[Start of Attachment]

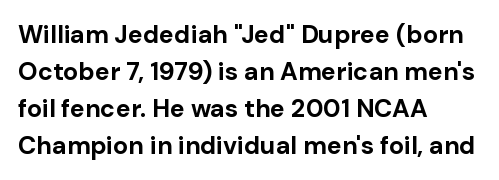
Q: Is the text bold? A: Yes.
Q: Is the text italic (slanted)? A: No, it is upright.
Q: Is the text underlined? A: No.
Q: How is the paragraph aligned? A: Left-aligned.
Q: Is the spacing between letters normal or unusually wide? A: Normal.
Q: Is the spacing between lines tight, normal or loose? A: Normal.

[End of Attachment]

# TASK REQUIREMENTS
Pull out every line holding "normal" from the records above, and copy it.

# FINISHED TASK
Q: Is the spacing between letters normal or unusually wide? A: Normal.
Q: Is the spacing between lines tight, normal or loose? A: Normal.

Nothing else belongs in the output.